Problem details: Starting at the line that contains "0-5.039 2.258-5.039 5.039v55.418c0", output each line through the end of the data exactly, and nothing more.

Dataset records:
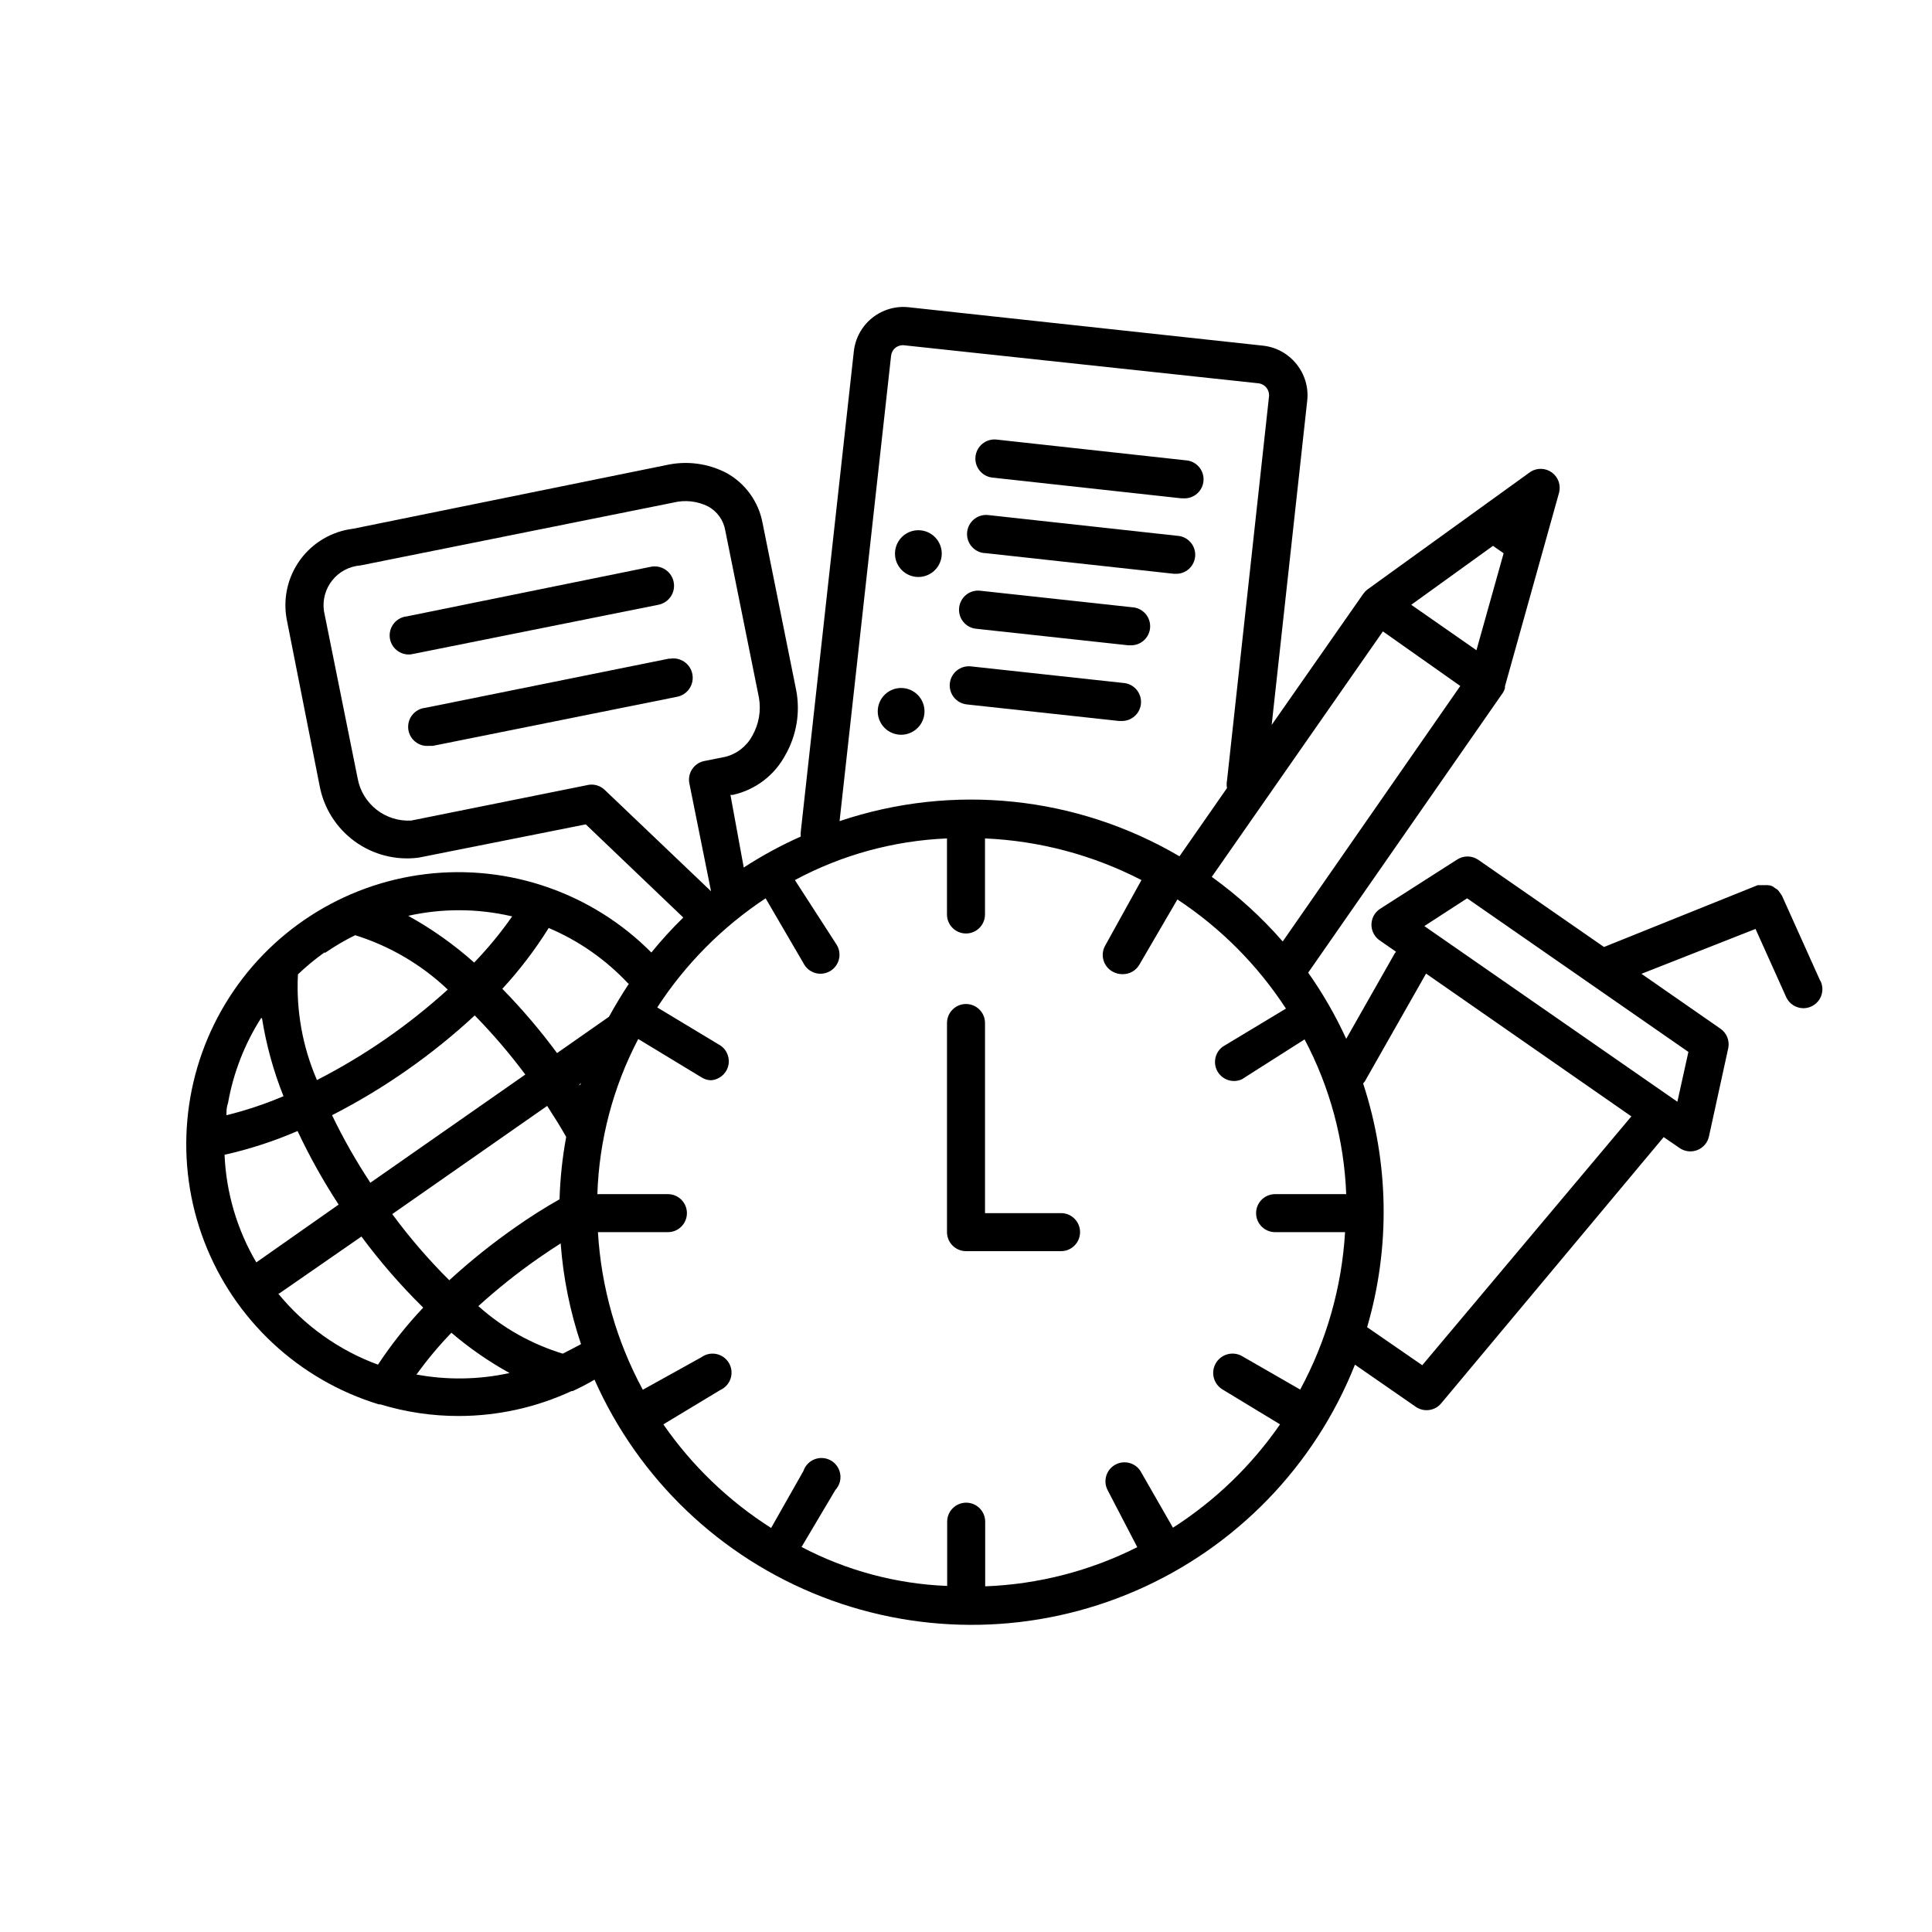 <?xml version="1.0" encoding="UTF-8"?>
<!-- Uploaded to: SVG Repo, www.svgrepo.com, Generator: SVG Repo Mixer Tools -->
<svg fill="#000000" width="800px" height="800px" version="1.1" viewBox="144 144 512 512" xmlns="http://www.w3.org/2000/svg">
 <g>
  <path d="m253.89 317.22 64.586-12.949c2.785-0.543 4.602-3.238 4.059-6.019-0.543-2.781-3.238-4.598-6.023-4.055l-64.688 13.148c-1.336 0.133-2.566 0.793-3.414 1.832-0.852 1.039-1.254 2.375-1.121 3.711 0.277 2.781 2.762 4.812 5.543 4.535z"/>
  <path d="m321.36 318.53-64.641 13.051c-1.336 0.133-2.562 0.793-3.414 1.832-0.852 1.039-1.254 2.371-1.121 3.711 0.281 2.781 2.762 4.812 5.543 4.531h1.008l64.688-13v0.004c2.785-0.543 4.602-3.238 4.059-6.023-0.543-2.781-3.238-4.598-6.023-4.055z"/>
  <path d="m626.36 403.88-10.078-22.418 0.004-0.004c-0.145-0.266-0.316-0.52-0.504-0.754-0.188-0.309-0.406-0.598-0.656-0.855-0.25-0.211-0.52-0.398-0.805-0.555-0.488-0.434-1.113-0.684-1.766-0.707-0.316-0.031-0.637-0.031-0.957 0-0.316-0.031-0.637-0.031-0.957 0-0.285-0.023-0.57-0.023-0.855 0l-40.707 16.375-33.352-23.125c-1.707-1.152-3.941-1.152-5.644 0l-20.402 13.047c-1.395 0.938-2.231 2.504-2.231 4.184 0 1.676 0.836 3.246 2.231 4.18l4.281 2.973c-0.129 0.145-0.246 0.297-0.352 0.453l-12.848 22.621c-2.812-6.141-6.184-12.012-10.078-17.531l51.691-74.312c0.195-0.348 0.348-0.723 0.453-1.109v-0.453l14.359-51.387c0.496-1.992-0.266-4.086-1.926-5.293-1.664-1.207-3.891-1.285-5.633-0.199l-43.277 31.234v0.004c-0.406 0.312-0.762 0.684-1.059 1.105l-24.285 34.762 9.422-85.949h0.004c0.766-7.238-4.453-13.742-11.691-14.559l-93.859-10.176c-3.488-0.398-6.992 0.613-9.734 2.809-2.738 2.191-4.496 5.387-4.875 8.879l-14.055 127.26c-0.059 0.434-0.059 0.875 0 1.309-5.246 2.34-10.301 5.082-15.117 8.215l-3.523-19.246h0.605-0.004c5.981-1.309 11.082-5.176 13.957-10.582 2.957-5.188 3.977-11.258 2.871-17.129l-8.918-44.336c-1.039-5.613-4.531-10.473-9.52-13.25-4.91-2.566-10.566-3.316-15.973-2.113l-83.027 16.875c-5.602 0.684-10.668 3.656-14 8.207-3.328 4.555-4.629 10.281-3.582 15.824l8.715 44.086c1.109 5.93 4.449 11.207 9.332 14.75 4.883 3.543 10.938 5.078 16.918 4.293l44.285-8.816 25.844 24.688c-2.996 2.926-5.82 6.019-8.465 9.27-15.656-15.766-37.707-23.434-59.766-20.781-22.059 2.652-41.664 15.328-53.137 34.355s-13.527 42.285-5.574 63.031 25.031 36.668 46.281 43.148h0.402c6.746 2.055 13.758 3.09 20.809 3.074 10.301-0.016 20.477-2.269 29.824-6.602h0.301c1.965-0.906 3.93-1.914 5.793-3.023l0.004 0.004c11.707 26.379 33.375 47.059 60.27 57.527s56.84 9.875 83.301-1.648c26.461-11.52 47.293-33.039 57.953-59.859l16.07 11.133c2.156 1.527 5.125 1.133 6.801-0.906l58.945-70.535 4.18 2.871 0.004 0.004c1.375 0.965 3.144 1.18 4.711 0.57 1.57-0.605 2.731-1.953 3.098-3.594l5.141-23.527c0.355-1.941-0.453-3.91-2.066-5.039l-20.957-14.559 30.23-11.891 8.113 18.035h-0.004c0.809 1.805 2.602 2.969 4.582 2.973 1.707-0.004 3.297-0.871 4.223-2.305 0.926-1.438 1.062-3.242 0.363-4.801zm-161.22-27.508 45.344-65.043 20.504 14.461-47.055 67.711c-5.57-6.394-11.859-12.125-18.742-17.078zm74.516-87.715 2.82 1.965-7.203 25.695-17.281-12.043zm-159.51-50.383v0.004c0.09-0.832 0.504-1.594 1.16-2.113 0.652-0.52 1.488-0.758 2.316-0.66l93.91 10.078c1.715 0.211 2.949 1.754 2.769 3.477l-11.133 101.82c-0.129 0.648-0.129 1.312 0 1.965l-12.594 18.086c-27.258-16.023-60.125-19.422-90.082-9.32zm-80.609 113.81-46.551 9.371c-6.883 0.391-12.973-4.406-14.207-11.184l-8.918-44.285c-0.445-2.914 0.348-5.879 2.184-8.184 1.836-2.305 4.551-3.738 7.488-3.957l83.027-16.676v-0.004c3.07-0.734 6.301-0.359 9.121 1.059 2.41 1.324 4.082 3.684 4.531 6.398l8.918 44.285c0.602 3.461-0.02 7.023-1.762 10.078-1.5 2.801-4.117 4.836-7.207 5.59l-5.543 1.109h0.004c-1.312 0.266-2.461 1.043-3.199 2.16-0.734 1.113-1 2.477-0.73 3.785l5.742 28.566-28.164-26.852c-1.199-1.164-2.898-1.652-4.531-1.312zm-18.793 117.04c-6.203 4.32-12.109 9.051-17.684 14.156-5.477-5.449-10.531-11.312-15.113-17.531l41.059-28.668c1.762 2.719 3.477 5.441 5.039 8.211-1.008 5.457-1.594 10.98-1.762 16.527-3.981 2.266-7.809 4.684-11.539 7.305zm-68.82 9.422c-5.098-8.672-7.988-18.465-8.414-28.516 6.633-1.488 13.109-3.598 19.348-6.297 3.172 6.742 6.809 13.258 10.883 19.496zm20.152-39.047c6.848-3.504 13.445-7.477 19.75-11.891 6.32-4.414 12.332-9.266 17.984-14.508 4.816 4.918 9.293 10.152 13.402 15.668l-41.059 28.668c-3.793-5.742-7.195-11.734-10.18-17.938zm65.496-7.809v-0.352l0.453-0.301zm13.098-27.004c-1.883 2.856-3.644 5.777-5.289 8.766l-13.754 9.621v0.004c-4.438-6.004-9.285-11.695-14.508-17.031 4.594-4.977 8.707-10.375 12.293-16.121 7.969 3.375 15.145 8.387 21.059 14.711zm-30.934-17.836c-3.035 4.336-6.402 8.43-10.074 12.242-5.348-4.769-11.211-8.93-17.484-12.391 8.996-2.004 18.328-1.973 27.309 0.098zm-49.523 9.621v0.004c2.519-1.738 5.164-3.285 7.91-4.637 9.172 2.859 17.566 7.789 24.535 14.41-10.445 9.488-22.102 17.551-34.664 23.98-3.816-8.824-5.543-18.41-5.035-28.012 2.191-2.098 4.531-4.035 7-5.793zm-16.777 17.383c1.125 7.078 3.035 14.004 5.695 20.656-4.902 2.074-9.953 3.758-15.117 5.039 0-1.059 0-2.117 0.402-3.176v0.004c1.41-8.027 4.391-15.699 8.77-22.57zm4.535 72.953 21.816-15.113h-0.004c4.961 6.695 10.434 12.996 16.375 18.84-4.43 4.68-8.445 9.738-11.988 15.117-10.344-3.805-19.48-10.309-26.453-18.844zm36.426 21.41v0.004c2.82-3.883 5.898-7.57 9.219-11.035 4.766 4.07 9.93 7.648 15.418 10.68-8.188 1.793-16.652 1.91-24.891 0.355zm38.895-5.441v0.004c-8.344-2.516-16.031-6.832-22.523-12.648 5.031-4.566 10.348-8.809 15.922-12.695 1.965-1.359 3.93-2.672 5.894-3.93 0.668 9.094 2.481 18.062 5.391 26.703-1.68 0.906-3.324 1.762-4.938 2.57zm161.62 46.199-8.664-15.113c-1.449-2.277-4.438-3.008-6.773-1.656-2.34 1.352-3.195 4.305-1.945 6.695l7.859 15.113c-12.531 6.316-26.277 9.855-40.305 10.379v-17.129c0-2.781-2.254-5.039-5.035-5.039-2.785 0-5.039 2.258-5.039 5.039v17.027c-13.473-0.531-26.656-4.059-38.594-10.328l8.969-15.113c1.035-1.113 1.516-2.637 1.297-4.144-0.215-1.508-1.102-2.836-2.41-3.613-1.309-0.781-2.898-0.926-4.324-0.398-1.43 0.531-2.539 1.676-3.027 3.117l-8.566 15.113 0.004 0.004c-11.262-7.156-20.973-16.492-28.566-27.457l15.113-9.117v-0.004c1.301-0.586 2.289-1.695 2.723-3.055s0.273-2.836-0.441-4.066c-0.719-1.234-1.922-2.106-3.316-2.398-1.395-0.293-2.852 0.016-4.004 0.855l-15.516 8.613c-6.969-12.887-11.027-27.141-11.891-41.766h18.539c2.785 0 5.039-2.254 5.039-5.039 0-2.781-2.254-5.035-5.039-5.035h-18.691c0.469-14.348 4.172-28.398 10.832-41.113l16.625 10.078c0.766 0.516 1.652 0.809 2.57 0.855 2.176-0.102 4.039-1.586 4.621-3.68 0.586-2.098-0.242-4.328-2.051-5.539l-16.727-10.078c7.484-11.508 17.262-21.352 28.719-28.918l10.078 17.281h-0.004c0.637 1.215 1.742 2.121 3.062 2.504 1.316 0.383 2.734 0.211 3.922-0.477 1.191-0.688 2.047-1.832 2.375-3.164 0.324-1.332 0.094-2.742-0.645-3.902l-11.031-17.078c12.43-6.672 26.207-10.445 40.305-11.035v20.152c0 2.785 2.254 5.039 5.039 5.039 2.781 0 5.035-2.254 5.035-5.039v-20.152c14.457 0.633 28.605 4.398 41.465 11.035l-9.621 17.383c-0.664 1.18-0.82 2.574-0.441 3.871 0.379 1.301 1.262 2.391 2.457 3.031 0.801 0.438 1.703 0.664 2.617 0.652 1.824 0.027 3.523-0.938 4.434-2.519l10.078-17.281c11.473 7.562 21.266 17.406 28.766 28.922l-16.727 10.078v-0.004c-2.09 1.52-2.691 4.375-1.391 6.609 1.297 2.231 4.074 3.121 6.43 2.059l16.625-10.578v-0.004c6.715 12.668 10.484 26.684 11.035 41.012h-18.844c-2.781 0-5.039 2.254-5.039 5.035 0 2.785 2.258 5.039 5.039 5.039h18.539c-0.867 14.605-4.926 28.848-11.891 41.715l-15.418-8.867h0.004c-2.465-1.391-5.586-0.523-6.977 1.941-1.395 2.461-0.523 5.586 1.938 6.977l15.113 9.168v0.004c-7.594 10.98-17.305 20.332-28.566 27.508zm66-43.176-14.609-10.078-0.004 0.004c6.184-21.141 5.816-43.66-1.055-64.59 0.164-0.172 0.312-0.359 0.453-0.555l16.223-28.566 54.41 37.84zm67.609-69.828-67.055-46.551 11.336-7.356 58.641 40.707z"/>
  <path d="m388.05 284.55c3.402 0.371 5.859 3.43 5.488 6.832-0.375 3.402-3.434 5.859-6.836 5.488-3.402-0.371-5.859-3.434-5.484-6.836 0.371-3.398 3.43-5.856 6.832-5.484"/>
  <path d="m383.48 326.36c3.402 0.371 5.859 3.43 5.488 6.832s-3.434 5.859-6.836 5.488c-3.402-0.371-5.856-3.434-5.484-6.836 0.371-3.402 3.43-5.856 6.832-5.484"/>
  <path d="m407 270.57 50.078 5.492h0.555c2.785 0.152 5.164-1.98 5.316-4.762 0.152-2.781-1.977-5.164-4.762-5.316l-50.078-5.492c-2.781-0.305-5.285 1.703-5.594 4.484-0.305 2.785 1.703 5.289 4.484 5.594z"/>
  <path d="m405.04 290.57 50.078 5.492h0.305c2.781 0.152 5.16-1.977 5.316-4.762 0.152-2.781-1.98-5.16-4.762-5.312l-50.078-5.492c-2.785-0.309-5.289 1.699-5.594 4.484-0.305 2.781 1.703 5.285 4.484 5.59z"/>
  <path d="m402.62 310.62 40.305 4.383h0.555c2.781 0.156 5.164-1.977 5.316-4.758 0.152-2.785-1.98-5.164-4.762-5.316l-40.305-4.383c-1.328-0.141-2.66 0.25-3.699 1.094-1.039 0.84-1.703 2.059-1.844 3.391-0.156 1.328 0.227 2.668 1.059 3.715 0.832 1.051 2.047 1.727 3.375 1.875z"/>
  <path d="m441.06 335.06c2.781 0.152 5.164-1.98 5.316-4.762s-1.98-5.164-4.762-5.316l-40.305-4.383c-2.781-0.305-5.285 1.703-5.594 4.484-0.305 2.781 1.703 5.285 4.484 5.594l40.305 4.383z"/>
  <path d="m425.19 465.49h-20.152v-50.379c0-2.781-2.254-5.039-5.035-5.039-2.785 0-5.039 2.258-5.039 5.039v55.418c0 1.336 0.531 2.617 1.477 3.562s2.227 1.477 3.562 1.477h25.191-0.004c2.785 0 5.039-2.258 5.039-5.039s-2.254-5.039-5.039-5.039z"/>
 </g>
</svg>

Answer area:
  <path d="m425.19 465.49h-20.152v-50.379c0-2.781-2.254-5.039-5.035-5.039-2.785 0-5.039 2.258-5.039 5.039v55.418c0 1.336 0.531 2.617 1.477 3.562s2.227 1.477 3.562 1.477h25.191-0.004c2.785 0 5.039-2.258 5.039-5.039s-2.254-5.039-5.039-5.039z"/>
 </g>
</svg>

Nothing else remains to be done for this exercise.